Week 4 Common Conditions Flashcards
What is constipation?
Common problem: affects ~1/3 population
Several definitions exist:
A bowel movement less frequent than three times a week
Production of a stool which is hard, difficult to pass or painful to pass
Consistency more significant than frequency for diagnosis
The Rome III Criteria (Chronic Functional Constipation):
Requires 2 or more of the following features
Must apply to at least 25% of bowel motions, over a 3 month period
Straining or manual manoeuvres required to facilitate evacuation
Lumpy/hard stools or if loose stools rare without laxatives
Sensation of incomplete evacuation or anorectal blockage
< 3 bowel movements each week
What is the aetiology of constipation? (5)
Dietary factors
e.g. diets low in fibre or water
Lifestyle factors
e.g. sedentary lifestyles
Medication side effects
e.g. analgesics, anti-depressants, iron supplements, diuretics
Psychological & neurological factors
e.g. chronic stress, ignoring the urge to defecate
Organic diseases & metabolic problems
e.g. diverticular disease, GIT malignancies, IBD, hypothyroidism
What is the management of constipation?
Features warranting concern & referral:
Onset in middle age or old age
PR bleed, melena or mucous
Weight loss, fever, rectal pain, anorexia, nausea, vomiting
Family history of colorectal cancer
Targeted management:
Increase fibre & water intake*
Introduce gentle exercise
*Implications for Pt education:
Rapid fibre increases can result in diarrhoea & flatulence
Drug regime modification
Address psychological issues e.g. managing stress
Use of biofeedback or neuromuscular retraining
What is the role of osteopathy in constipation?
Visceral techniques
Implications for patient teaching (sitting posture vs squatting posture)
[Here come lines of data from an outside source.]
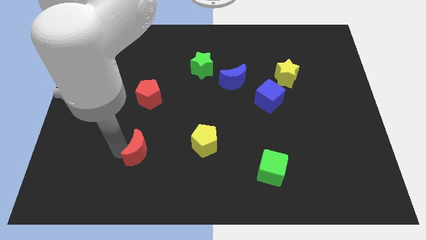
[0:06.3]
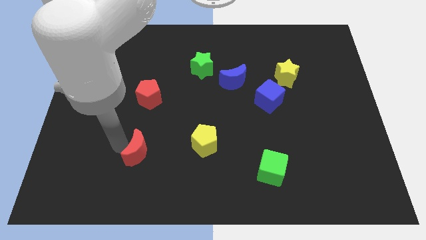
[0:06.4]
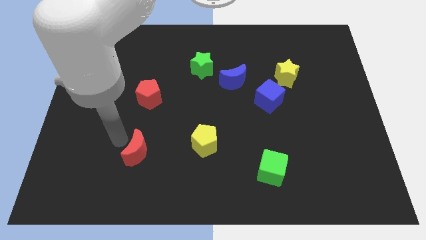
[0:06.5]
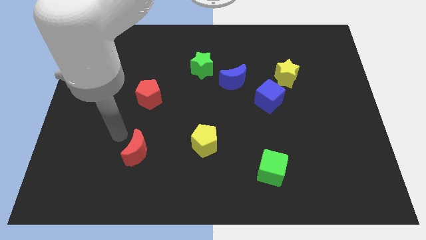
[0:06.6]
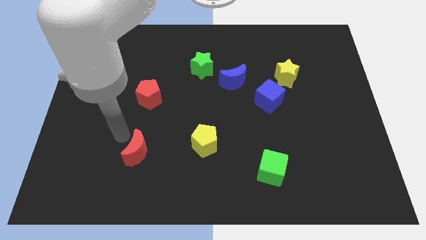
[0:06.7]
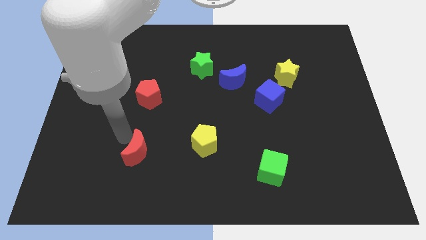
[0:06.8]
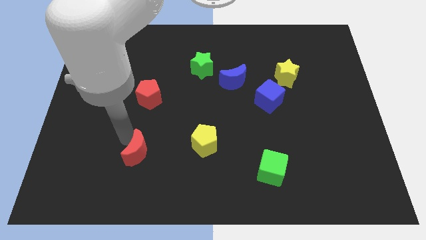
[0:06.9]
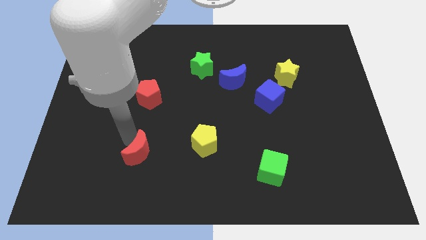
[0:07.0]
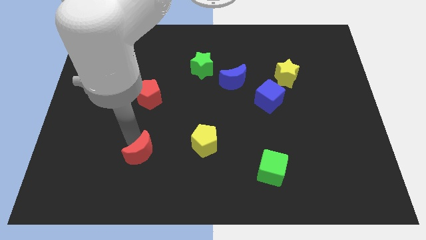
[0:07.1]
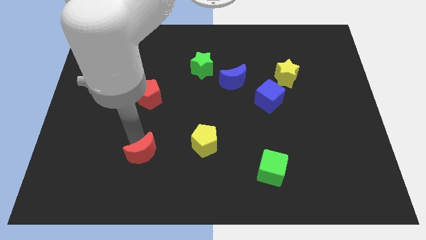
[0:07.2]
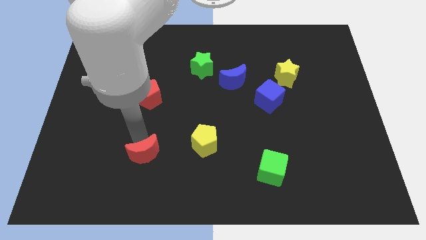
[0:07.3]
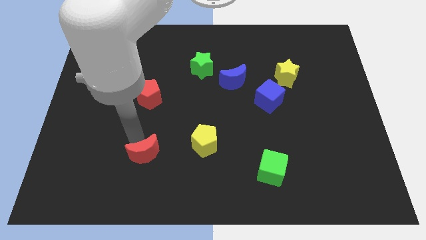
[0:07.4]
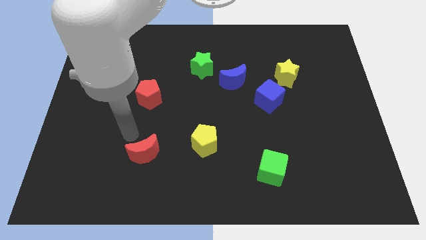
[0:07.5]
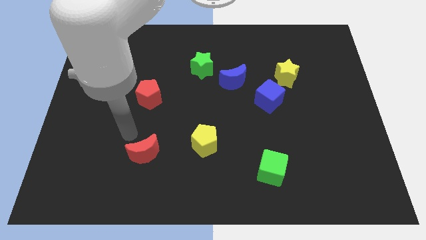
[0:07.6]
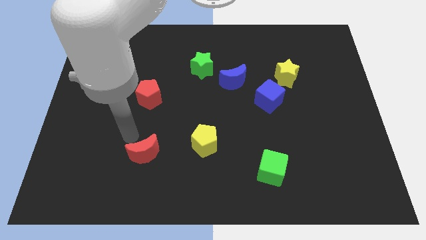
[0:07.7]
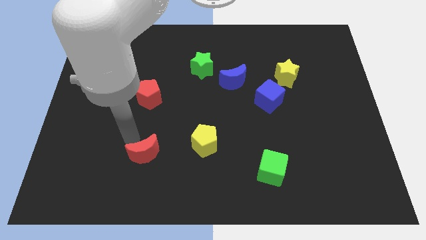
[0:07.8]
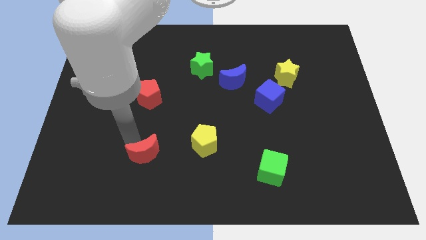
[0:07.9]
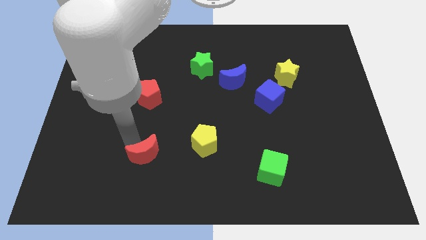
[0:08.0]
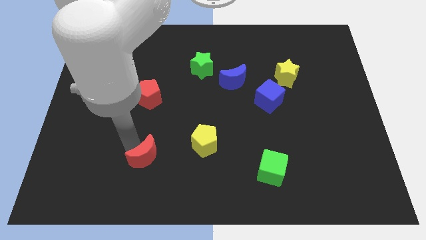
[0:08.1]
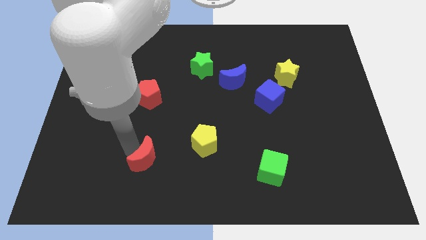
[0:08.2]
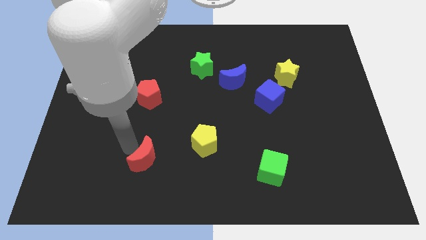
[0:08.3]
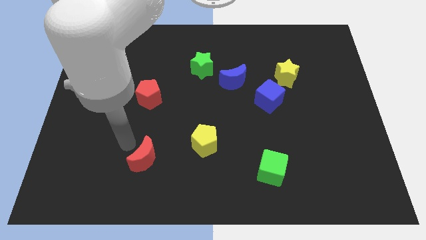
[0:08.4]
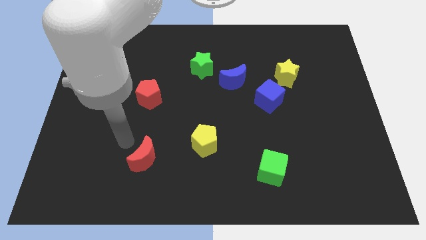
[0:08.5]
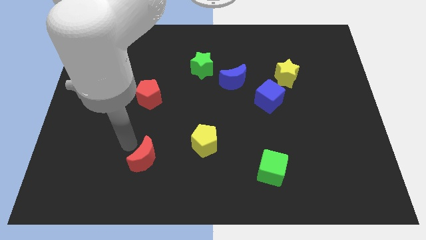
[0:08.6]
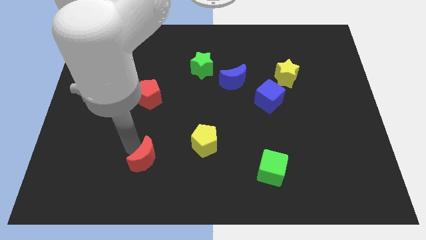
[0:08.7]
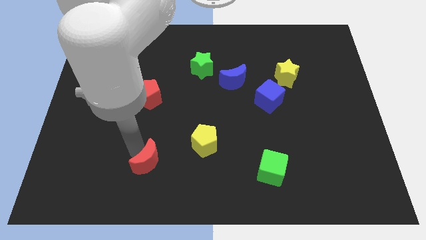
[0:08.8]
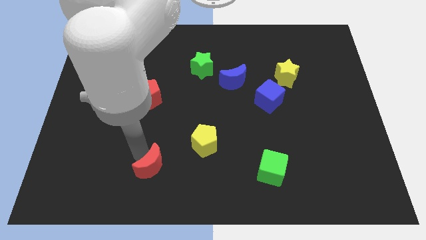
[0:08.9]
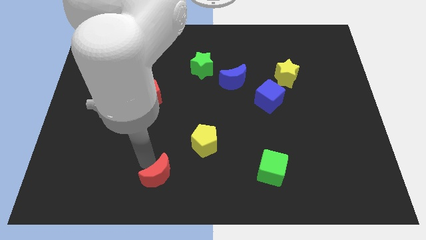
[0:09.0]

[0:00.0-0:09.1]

What are the different types of laxatives?
First-line therapy: Bulking agents e.g. psyllium
Mechanism: increase faecal bulk which stimulates peristalsis
First-line therapy: Osmotic laxatives e.g. lactulose, glycerol
Mechanism: exerts osmotic effect which increases intraluminal pressure
Stool softeners e.g. doccusate
Mechanism: promote the retention of water in faecal matter
Bowel stimulants e.g. senna, bisacodyl
Mechanism: direct stimulation of nerve endings in colonic mucosa
Avoid long-term use
Opioid antagonists e.g. naloxone
Mechanism: competitive antagonist at GIT opioid receptors
May encounter these in patients receiving opioid therapy
Combined preparations exist e.g. Targin (oxycodone/naloxone)
What is diarrhoea (acute and chronic)?
Acute diarrhoea
Sudden onset of >3 loose stools/day
Lasts less than 14 days
Chronic diarrhoea
Present for at least four weeks
What are the common aetiologies of acute and chronic diarrhoea?
ACUTE
Infectious gastroenteritis/enteritis
Bacterial: Salmonella, E. coli
Viral: Rotavirus, Norwalk virus
Dietary issues
e.g. food allergies, binge-eating
Adverse drug reactions
e.g. antibiotics
CHRONIC
Chronic infective diarrhoea
Human immunodeficiency virus
Intestinal disorders
e.g. IBS, IBD, Coeliac disease
Adverse drug reactions
e.g. alcohol abuse
What are features of diarrhoea warranting concern & referral?
Severe/worsening diarrhoea in Pts >70 yrs or immunocompromised
Bloody/mucoid/purulent diarrhoea
Diarrhoea accompanied by severe abdominal pain or signs of infection
What is the management of diarrhoea?
Treatment/management of the causative factor (investigate if not known)
Rehydration & electrolyte replacement (IV therapy required in severe cases)
Antibiotics: for proven bacterial infections
Depending on the underlying disorder - anti-diarrhoeal agents
Synthetic Opioids e.g. loperamide
Mechanism: acts of GIT opioid receptors (reduces peristalsis)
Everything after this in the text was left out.